In a production plant everyday a certain number of personnel is needed. Given personnel can be be hired for a minimum up to a maximum number of days in a row, requiring a minimum number of leave days before they can be employed again.
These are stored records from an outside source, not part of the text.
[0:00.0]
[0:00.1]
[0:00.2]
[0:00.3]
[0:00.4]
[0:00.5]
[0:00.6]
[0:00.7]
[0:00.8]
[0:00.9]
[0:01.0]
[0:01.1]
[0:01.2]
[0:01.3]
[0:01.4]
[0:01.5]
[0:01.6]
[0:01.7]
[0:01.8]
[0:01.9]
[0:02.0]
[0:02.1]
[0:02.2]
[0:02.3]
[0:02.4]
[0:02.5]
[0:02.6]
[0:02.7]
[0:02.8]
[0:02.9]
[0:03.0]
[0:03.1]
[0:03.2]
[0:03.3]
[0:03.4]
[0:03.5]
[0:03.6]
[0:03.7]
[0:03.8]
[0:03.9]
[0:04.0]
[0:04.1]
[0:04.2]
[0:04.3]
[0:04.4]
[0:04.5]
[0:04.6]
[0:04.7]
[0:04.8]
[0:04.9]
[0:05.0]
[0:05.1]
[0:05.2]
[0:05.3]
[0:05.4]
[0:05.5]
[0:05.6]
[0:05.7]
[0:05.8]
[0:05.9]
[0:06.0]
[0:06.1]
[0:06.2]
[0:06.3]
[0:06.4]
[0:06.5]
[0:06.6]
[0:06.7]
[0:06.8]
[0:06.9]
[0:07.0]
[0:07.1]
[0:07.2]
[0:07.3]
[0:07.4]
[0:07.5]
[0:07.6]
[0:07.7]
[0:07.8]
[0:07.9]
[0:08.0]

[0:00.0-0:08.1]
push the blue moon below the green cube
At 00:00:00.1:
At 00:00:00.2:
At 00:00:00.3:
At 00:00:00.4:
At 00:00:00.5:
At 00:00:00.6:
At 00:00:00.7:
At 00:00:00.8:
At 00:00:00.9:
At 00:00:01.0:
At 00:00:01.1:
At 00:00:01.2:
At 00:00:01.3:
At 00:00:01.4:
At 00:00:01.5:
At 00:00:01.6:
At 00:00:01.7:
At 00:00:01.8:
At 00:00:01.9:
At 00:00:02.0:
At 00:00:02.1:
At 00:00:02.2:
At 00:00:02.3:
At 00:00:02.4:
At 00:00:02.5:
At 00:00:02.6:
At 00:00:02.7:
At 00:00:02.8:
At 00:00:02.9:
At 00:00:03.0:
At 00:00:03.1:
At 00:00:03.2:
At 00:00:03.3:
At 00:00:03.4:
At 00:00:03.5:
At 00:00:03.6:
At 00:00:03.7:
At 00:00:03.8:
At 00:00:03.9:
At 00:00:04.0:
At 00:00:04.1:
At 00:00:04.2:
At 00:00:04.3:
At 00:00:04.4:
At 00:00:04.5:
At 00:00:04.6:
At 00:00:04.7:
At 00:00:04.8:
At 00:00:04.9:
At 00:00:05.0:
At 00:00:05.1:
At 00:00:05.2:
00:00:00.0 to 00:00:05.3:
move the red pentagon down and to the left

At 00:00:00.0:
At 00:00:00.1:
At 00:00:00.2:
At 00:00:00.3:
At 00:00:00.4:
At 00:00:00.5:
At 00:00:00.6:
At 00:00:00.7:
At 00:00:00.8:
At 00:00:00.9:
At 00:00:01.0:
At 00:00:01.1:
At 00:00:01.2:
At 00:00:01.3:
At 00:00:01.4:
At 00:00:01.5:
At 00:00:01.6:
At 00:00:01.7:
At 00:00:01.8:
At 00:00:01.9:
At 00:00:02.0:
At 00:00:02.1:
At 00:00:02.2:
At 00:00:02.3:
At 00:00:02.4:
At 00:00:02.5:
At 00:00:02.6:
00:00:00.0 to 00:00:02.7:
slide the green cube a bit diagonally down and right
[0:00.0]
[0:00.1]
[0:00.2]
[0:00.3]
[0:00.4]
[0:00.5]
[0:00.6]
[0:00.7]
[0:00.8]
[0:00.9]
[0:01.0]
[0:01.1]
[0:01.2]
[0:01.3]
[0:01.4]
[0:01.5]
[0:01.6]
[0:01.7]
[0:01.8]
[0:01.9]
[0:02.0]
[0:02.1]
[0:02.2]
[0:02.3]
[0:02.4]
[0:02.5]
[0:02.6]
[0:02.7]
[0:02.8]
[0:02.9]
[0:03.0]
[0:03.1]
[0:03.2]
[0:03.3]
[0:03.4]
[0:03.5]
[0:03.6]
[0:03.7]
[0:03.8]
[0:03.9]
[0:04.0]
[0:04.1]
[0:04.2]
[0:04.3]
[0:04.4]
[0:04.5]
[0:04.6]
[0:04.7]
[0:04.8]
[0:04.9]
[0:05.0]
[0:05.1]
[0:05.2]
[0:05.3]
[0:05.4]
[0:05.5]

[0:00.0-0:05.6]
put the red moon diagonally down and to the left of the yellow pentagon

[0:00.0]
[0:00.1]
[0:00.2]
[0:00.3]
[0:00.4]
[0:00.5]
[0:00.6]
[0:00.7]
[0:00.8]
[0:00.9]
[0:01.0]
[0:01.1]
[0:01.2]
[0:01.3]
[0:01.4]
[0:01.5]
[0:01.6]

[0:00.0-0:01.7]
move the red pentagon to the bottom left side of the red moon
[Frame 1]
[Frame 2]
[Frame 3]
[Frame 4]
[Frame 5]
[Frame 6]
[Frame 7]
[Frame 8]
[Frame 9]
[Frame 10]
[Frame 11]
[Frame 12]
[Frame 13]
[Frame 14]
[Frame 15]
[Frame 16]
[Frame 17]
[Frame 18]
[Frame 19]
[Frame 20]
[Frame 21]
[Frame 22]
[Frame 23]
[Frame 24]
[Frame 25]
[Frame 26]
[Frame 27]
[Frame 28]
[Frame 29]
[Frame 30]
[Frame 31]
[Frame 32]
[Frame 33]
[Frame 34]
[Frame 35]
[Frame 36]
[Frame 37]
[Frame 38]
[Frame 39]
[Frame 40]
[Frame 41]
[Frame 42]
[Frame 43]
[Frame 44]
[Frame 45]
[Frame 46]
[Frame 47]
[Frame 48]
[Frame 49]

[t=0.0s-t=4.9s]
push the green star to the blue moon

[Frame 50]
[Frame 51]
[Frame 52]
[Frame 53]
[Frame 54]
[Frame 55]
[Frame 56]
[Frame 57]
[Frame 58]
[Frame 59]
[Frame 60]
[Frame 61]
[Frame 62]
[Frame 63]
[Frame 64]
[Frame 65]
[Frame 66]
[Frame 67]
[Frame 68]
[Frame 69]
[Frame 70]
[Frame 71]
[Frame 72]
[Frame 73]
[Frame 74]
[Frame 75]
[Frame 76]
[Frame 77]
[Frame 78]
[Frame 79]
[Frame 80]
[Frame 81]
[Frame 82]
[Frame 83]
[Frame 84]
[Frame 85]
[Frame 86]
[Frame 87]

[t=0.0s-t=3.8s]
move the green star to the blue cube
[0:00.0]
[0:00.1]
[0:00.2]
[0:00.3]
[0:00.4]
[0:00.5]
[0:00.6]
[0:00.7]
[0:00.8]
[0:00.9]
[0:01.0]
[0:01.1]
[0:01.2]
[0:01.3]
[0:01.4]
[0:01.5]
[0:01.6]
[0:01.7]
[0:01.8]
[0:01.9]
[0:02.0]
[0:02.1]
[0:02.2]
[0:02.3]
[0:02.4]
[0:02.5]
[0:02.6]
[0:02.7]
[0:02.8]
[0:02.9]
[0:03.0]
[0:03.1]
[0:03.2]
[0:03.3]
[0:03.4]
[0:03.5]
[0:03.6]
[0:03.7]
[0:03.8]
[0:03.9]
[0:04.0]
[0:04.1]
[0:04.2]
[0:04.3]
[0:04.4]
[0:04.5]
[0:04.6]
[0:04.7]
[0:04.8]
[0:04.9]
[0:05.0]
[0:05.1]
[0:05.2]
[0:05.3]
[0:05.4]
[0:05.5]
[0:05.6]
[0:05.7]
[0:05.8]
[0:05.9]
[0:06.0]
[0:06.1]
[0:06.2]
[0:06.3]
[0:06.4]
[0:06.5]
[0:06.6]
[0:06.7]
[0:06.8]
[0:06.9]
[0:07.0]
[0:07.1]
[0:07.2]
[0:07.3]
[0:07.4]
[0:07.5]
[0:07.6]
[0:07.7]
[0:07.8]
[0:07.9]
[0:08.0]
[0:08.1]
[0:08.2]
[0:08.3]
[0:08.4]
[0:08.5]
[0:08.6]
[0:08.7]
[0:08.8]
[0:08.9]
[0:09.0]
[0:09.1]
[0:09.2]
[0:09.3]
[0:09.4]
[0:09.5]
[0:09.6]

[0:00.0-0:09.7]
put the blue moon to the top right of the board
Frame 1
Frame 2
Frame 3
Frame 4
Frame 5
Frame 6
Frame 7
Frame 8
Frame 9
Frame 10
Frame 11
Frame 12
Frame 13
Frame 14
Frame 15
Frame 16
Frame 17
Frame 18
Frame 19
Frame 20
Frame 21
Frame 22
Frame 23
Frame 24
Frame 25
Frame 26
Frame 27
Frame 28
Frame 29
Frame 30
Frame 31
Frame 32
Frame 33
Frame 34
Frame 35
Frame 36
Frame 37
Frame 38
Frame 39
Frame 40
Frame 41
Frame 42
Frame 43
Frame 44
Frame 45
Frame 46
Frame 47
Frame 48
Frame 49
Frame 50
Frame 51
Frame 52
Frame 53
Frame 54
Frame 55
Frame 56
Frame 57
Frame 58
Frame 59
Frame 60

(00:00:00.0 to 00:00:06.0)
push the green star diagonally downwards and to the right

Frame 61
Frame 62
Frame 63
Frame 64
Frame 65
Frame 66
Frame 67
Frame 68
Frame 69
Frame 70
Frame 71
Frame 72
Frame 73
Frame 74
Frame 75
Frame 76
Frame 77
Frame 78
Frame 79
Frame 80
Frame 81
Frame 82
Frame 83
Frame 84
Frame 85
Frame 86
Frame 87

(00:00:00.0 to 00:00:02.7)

The task is to find the work schedule minimizing total wages to be paid.

Model

# Personnel assignment problem
# inspired by CADI Abdelahd
# 
# Given:
#   a workload per day
#   available workers with 
#   - minimum working days in a row
#   - maximum working days in a row
#   - minimum leave days in a row
#   - daily wage
#
# determine cheapest shift schedule.
#
# Author: Xypron, 2009
#
# This example is distributed in the hope that it will be useful,
# but WITHOUT ANY WARRANTY. Feel free to copy or modify.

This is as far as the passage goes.